We can fix the latter case by switching to a static loop (e.g. replacing range(iters) with range(3)). Static loops are automatically unrolled if the number of loop iterations is less than or equal to the max_unroll parameter set in wp.config or at the module level with wp.set_module_options({"max_unroll": N}), and so intermediate values in the loop are individually stored. But in scenarios where this is not possible, you may consider allocating additional memory to store intermediate values in the dynamic loop. For example, we can fix the above case like so:

@wp.kernel
def dynamic_loop_mult(x: wp.array(dtype=float), prods: wp.array(dtype=float), loss: wp.array(dtype=float), iters: int):
    for i in range(iters):
        prods[i + 1] = x[i] * prods[i]

    wp.atomic_add(loss, 0, prods[iters])


iters = 3
x = wp.full(shape=iters, value=2.0, dtype=float, requires_grad=True)
prods = wp.full(shape=(iters + 1), value=1.0, dtype=float, requires_grad=True)
loss = wp.zeros(1, dtype=float, requires_grad=True)

with wp.Tape() as tape:
    wp.launch(dynamic_loop_mult, dim=1, inputs=[x, prods, loss, iters])

tape.backward(loss)

print(x.grad)

Now, we get the expected gradients:

[4. 4. 4.]

Even if an array’s adjoints do not depend on intermediate local values in a dynamic loop, it may be that the final value of a local variable is necessary for the adjoint computation. Consider the following scenario:

@wp.kernel
def dynamic_loop_sum(x: wp.array(dtype=float), weights: wp.array(dtype=float), loss: wp.array(dtype=float), iters: int):
    sum = float(0.0)
    norm = float(0.0)

    for i in range(iters):
        w = weights[i]
        norm += w
        sum += x[i] * w

    l = sum / norm
    wp.atomic_add(loss, 0, l)


iters = 3
x = wp.full(shape=iters, value=1.0, dtype=float, requires_grad=True)
weights = wp.full(shape=iters, value=1.0, dtype=float, requires_grad=True)
loss = wp.zeros(1, dtype=float, requires_grad=True)

with wp.Tape() as tape:
    wp.launch(dynamic_loop_sum, dim=1, inputs=[x, weights, loss, iters])

tape.backward(loss)

print(x.grad)

This code produces the incorrect output:

[inf inf inf]

In the backward pass, when computing the adjoint for sum, which is used to compute the adjoint for the x array, there is a division by zero: norm is not recomputed in the backward pass because dynamic loops are not replayed.
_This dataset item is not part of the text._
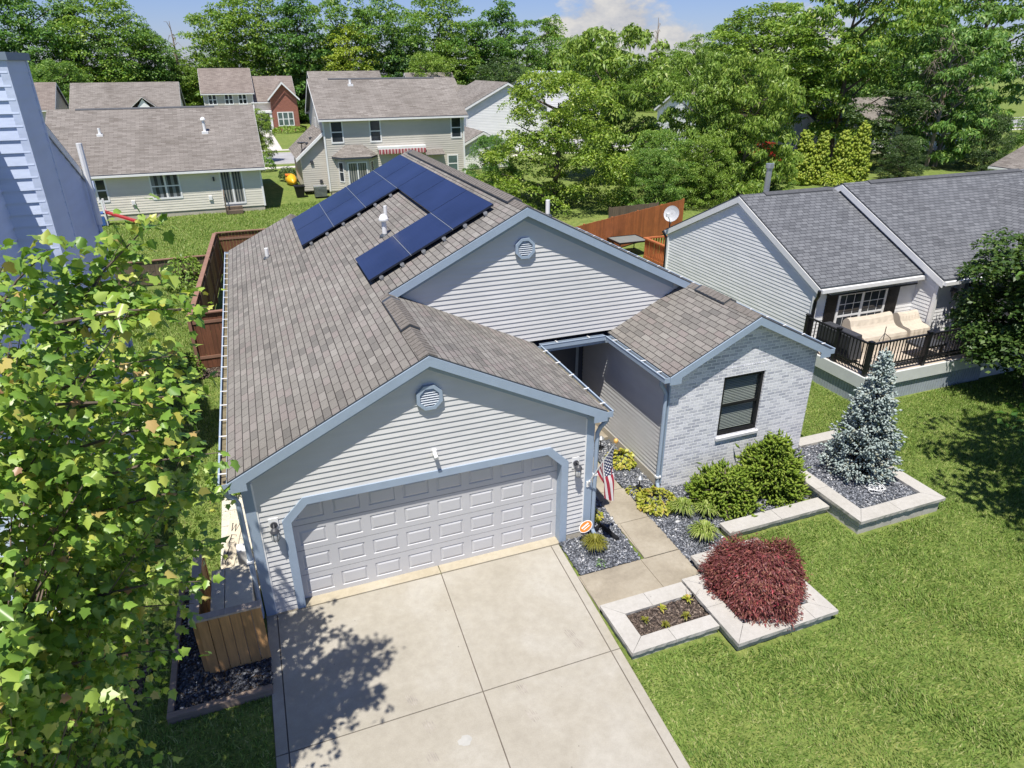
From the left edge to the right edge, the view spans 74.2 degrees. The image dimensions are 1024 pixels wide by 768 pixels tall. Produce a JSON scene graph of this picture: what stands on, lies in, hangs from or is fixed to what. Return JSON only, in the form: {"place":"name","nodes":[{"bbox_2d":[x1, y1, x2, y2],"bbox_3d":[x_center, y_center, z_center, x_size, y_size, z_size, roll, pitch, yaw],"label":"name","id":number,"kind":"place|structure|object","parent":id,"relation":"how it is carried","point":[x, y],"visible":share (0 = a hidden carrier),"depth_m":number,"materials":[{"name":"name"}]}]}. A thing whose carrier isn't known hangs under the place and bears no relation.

This means that norm is 0.0 at the start of the adjoint calculation rather than the value computed in the forward pass, 3.0.
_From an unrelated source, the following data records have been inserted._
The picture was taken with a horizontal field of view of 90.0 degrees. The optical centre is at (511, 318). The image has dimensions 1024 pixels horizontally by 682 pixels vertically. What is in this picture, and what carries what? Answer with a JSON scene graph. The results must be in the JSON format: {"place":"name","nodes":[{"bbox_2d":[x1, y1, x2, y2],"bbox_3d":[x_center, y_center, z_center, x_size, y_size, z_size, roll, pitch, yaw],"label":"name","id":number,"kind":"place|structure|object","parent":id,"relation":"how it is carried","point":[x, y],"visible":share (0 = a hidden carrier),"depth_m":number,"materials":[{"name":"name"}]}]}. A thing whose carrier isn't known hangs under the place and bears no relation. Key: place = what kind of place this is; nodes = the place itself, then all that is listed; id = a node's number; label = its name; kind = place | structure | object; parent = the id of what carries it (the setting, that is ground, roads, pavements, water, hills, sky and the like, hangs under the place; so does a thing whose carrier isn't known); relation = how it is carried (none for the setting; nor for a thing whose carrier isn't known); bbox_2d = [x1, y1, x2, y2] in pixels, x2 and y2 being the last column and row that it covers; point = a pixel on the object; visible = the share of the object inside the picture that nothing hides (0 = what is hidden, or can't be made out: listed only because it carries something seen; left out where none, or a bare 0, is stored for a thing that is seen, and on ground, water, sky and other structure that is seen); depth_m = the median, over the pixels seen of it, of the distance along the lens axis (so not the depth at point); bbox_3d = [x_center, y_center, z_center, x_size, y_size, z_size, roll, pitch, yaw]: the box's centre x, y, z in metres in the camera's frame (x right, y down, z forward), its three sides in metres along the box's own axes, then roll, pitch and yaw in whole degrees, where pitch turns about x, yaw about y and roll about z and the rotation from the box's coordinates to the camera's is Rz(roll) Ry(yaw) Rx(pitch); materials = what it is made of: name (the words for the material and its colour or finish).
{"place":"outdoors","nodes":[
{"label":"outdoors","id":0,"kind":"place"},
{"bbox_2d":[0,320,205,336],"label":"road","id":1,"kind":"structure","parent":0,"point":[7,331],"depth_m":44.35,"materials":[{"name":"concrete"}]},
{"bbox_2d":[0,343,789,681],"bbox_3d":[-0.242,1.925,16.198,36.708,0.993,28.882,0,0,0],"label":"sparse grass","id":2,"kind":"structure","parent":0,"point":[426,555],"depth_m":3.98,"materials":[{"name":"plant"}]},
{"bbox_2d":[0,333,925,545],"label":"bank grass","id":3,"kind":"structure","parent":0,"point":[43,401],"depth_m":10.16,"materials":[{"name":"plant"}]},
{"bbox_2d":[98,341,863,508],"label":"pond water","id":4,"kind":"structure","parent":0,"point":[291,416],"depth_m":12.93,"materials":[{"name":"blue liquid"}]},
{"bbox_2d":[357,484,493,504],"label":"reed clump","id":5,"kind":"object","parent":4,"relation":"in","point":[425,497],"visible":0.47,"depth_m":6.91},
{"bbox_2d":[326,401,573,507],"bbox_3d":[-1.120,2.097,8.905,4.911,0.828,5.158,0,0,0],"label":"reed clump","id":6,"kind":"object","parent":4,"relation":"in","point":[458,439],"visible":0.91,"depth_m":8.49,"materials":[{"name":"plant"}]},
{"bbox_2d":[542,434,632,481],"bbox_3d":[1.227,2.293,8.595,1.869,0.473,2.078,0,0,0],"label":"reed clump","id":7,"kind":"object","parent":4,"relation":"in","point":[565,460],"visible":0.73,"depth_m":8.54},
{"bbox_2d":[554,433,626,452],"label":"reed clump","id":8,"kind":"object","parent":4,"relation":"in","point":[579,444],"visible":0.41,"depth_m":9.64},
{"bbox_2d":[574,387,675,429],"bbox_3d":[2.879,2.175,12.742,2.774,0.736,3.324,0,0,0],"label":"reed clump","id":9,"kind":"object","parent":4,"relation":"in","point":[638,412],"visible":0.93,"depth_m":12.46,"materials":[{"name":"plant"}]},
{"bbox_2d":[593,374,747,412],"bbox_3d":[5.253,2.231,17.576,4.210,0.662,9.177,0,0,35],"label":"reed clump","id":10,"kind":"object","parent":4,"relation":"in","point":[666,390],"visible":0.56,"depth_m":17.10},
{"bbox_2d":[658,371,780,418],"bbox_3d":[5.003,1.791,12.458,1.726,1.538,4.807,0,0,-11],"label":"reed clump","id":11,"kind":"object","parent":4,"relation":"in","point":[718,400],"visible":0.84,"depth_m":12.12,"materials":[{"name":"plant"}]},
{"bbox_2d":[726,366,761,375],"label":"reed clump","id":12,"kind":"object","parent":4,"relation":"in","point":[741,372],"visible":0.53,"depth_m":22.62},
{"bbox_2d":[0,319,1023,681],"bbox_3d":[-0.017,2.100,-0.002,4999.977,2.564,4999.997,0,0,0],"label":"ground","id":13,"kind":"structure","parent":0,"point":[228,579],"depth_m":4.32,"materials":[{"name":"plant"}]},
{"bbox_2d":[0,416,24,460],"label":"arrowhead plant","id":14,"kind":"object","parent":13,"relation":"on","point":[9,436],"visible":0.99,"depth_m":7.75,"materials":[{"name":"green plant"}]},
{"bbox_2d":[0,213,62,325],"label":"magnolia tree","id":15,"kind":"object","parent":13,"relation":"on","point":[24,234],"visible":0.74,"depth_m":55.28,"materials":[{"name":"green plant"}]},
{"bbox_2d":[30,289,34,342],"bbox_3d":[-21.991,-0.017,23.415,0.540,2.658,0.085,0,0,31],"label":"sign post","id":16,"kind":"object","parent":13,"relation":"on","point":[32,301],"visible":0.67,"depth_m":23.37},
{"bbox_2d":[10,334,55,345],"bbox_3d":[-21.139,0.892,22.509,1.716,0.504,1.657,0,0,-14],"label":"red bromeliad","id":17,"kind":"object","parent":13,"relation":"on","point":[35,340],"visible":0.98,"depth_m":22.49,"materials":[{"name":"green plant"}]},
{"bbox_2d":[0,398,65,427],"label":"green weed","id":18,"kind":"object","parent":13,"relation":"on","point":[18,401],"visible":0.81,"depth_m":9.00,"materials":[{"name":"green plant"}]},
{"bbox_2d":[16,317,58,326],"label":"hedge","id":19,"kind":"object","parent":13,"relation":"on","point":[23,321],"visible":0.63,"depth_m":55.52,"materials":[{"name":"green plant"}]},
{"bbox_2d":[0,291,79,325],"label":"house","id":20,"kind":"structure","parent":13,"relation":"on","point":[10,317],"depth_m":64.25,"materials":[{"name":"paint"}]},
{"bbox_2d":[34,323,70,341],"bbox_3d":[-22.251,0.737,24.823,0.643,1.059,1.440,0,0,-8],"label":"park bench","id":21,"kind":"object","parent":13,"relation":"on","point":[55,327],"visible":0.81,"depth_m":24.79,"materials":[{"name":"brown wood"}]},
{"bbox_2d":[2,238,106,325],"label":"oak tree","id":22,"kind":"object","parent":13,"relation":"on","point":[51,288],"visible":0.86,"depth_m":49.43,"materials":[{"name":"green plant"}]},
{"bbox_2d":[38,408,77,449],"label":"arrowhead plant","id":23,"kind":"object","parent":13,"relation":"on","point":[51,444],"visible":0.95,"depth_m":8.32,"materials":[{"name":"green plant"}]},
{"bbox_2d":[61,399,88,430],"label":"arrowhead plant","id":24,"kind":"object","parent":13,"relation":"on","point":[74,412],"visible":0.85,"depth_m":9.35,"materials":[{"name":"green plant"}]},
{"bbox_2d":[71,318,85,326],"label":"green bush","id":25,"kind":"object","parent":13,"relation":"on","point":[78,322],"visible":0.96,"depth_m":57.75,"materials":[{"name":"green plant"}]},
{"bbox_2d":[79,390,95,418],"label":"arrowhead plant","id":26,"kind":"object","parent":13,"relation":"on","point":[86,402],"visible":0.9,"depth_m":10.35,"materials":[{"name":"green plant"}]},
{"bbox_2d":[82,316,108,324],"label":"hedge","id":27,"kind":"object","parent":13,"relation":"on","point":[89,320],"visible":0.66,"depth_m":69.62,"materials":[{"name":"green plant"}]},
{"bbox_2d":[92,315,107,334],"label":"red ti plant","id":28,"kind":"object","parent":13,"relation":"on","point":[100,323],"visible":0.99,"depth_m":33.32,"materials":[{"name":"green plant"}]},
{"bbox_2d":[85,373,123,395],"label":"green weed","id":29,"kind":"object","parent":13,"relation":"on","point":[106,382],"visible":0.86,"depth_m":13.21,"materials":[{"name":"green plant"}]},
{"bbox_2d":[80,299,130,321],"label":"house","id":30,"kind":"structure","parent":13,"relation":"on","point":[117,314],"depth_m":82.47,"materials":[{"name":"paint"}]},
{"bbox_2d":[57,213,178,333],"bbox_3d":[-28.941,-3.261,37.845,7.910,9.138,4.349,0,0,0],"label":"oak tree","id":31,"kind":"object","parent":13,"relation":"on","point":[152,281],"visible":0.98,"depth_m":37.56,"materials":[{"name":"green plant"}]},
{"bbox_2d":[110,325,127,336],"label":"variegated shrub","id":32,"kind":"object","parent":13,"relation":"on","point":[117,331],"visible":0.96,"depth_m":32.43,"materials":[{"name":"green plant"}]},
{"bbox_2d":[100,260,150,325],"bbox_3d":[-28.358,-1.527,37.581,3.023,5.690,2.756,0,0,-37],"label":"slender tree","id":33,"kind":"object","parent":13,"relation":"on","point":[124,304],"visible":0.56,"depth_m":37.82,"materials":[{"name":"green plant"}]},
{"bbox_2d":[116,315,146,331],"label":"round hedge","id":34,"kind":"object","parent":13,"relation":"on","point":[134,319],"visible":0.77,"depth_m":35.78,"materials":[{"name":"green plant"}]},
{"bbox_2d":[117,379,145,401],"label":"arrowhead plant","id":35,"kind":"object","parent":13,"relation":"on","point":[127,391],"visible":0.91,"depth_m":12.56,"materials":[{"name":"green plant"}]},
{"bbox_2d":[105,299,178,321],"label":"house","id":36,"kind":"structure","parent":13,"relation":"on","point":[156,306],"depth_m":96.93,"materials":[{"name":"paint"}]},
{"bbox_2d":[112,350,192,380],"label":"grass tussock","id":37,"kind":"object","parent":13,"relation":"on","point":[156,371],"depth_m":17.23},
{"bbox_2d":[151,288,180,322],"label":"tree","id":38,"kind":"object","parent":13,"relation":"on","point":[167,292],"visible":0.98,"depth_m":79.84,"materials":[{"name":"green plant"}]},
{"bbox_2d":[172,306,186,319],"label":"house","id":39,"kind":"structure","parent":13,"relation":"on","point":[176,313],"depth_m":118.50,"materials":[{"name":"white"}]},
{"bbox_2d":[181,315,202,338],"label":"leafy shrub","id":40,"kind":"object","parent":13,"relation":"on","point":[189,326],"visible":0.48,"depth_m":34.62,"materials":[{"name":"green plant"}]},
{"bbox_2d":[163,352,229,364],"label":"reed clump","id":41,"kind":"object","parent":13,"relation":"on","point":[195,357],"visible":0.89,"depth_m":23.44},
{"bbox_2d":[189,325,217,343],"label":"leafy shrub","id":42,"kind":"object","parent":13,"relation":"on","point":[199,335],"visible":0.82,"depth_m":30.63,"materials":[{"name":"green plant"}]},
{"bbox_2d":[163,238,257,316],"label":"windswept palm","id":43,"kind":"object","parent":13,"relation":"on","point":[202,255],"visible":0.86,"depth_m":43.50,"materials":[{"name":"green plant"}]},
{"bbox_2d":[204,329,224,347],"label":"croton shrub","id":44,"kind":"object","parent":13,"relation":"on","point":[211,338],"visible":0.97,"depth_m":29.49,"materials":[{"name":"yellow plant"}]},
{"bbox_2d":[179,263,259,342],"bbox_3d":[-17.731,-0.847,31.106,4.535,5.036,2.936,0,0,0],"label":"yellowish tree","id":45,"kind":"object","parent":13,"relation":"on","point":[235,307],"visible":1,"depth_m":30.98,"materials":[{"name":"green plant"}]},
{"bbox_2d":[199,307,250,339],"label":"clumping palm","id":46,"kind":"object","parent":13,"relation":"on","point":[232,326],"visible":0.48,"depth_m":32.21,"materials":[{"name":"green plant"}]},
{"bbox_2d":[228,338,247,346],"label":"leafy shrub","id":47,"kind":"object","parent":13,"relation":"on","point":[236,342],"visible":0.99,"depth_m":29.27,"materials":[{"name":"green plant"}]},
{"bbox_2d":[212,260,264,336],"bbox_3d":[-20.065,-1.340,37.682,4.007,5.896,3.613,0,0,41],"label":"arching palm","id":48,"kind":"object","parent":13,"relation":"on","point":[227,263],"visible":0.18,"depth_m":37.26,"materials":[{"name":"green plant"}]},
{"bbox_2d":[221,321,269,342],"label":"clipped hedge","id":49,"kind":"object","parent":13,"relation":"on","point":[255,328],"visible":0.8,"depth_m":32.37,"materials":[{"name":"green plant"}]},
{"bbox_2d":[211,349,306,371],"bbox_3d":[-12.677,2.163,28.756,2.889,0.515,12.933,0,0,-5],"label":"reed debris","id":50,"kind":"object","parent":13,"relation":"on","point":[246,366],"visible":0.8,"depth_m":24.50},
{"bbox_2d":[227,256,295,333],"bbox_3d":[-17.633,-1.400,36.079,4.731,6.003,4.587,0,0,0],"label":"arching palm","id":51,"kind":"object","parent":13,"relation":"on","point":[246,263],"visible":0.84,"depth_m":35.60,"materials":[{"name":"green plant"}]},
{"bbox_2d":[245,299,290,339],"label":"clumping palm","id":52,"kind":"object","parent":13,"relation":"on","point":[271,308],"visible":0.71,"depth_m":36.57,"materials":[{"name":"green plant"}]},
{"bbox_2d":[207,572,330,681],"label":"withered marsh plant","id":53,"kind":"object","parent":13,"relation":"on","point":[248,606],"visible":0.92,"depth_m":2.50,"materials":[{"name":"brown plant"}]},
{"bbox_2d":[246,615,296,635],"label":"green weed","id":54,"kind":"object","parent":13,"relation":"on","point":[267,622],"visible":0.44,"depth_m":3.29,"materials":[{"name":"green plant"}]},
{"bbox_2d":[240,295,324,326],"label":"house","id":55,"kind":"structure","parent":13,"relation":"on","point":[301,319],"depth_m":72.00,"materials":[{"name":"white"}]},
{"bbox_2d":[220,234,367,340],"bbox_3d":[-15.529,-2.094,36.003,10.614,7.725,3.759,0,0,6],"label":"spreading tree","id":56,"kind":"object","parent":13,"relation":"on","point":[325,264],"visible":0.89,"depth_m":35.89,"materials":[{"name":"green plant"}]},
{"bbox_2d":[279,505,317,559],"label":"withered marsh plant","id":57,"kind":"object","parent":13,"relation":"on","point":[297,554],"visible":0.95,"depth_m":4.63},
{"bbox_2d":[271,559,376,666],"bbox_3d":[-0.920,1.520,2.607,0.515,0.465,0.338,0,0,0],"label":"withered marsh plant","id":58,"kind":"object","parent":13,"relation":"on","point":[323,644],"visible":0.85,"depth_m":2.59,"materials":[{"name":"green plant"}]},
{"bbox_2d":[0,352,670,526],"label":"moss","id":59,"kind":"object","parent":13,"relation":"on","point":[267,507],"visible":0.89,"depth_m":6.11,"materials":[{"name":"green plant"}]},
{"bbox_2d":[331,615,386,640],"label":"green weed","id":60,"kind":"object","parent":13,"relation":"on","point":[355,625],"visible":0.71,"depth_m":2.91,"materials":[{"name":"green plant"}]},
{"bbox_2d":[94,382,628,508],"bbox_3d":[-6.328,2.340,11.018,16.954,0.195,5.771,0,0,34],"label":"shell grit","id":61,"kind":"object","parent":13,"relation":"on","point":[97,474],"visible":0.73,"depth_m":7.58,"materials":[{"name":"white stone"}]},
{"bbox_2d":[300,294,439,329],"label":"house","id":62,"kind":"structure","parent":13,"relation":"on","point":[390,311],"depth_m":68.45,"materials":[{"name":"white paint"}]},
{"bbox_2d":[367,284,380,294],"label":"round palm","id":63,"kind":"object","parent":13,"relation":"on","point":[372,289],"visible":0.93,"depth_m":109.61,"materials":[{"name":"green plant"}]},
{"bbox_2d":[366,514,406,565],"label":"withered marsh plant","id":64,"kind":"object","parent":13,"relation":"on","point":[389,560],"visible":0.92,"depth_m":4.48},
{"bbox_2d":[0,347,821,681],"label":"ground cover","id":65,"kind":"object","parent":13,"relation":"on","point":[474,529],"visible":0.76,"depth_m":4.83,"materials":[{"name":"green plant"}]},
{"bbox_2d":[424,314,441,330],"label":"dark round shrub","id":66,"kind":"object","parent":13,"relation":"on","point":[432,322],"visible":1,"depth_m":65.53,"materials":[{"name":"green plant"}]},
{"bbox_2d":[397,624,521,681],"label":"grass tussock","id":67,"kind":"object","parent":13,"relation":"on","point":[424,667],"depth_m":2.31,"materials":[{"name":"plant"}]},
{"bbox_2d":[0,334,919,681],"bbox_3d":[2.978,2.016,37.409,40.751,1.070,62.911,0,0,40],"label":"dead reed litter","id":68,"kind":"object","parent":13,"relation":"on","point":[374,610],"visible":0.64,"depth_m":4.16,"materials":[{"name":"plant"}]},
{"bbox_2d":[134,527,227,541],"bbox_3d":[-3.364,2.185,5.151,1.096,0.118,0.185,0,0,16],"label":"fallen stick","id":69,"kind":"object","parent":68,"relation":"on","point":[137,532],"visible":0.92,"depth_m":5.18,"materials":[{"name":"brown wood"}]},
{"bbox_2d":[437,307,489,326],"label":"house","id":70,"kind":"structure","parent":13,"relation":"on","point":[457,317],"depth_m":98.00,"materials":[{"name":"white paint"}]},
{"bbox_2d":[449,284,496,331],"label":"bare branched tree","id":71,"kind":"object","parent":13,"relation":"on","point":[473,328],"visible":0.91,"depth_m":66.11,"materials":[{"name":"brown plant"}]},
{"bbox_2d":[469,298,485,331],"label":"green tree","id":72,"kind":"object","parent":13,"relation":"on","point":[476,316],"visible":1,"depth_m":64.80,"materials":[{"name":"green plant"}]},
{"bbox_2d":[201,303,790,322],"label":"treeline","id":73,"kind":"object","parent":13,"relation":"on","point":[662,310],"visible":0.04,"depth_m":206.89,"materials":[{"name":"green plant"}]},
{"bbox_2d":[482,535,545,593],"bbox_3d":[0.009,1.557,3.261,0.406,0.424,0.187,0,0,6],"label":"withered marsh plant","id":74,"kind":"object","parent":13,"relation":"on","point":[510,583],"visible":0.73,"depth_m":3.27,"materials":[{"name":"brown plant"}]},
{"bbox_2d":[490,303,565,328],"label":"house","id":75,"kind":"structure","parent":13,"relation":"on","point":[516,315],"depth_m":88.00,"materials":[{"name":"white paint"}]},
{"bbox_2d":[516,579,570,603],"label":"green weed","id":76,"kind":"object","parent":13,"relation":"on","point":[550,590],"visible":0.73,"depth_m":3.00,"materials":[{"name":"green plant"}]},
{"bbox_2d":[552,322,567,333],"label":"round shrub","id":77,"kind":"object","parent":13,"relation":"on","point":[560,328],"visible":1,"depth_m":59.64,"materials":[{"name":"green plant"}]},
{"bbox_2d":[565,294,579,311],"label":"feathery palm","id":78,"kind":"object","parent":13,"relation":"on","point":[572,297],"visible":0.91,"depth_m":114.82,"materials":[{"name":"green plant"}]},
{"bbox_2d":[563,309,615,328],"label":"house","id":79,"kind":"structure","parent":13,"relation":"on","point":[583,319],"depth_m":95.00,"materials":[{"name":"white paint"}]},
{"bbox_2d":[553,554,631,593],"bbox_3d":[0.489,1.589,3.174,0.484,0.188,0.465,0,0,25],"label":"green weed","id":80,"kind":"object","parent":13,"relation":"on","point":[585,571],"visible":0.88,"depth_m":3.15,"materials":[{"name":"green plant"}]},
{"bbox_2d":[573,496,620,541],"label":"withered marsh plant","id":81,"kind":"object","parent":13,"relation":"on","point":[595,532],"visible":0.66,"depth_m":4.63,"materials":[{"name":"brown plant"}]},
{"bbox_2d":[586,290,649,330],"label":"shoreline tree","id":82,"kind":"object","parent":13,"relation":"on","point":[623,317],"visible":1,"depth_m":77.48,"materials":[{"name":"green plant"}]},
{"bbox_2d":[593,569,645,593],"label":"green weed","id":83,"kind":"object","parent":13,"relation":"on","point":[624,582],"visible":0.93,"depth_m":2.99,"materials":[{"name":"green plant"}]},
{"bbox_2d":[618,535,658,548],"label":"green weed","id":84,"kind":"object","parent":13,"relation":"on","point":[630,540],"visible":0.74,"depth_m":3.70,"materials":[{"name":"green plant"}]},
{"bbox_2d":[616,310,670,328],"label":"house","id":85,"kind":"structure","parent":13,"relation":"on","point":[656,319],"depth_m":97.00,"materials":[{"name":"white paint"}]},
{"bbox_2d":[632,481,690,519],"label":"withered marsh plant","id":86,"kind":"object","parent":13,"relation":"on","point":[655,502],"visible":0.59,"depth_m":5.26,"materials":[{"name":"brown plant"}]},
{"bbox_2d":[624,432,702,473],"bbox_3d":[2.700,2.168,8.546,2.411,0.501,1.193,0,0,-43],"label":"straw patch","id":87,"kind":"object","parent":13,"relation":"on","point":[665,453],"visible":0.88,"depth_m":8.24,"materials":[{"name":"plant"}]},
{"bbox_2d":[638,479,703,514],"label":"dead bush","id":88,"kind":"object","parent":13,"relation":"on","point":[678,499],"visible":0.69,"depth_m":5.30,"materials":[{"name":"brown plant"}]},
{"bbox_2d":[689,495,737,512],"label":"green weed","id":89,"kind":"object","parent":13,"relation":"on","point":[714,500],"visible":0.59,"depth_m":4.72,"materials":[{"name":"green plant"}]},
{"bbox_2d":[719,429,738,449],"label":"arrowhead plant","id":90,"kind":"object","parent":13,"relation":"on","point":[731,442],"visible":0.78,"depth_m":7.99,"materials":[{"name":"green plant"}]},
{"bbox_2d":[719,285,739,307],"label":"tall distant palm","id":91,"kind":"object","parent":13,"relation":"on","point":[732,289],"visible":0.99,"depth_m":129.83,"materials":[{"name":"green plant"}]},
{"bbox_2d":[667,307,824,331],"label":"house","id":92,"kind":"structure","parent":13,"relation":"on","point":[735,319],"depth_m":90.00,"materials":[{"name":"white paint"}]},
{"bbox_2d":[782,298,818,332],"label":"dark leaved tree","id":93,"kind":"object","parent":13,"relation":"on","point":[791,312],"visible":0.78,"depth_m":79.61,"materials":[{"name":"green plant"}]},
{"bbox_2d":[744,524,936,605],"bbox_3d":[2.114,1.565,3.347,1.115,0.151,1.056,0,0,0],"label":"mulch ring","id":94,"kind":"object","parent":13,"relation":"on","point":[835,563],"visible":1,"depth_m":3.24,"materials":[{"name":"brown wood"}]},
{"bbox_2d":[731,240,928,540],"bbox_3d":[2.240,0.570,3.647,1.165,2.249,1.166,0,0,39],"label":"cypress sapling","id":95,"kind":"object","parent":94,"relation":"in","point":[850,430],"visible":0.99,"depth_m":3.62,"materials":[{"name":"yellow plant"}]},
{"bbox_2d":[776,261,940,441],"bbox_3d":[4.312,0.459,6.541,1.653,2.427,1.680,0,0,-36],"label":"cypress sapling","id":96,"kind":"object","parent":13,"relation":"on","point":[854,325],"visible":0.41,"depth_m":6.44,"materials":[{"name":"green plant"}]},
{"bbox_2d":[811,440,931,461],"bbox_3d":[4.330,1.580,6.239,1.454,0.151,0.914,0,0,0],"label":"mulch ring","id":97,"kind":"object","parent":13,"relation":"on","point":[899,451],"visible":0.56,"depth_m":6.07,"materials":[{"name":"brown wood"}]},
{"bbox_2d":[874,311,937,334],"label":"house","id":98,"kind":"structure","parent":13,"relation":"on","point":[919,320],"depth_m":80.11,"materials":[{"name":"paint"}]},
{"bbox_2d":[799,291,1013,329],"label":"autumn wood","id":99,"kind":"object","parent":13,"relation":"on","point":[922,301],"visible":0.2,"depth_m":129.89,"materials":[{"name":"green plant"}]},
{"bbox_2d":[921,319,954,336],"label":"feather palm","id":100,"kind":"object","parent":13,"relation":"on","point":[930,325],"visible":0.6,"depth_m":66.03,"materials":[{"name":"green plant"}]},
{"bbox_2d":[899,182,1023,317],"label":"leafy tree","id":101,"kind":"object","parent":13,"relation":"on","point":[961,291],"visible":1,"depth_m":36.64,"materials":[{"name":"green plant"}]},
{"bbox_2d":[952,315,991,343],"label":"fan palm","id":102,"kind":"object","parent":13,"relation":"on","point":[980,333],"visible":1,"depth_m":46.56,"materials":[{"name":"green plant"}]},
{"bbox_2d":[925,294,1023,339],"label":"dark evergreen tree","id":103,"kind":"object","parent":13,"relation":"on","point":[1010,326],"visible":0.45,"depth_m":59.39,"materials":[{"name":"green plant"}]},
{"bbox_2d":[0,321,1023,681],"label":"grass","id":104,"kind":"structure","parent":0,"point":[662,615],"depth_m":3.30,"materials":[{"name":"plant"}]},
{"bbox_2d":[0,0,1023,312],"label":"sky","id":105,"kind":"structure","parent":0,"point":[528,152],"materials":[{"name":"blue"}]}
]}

There is a different remedy for this particular scenario. One can force a dynamic loop to replay in the backward pass by migrating the body of the loop to a Warp function:

@wp.func
def loop(x: wp.array(dtype=float), weights: wp.array(dtype=float), iters: int):
    sum = float(0.0)
    norm = float(0.0)

    for i in range(iters):
        w = weights[i]
        norm += w
        sum += x[i] * w

    return sum, norm


@wp.kernel
def dynamic_loop_sum(x: wp.array(dtype=float), weights: wp.array(dtype=float), loss: wp.array(dtype=float), iters: int):
    sum, norm = loop(x, weights, iters)

    l = sum / norm
    wp.atomic_add(loss, 0, l)


iters = 3
x = wp.full(shape=iters, value=1.0, dtype=float, requires_grad=True)
weights = wp.full(shape=iters, value=0.5, dtype=float, requires_grad=True)
loss = wp.zeros(1, dtype=float, requires_grad=True)

with wp.Tape() as tape:
    wp.launch(dynamic_loop_sum, dim=1, inputs=[x, weights, loss, iters])

tape.backward(loss)

print(x.grad)

Now, the above code produces the expected results:

[0.33333334 0.33333334 0.33333334]

However, this only works because the x array adjoints do not require an intermediate value for sum; they only need the adjoint of sum. In general this workaround is only valid for simple add/subtract operations such as += or -=.

Note

In a subsequent release, we will enable users to force-unroll dynamic loops in some circumstances, thereby obviating these workarounds.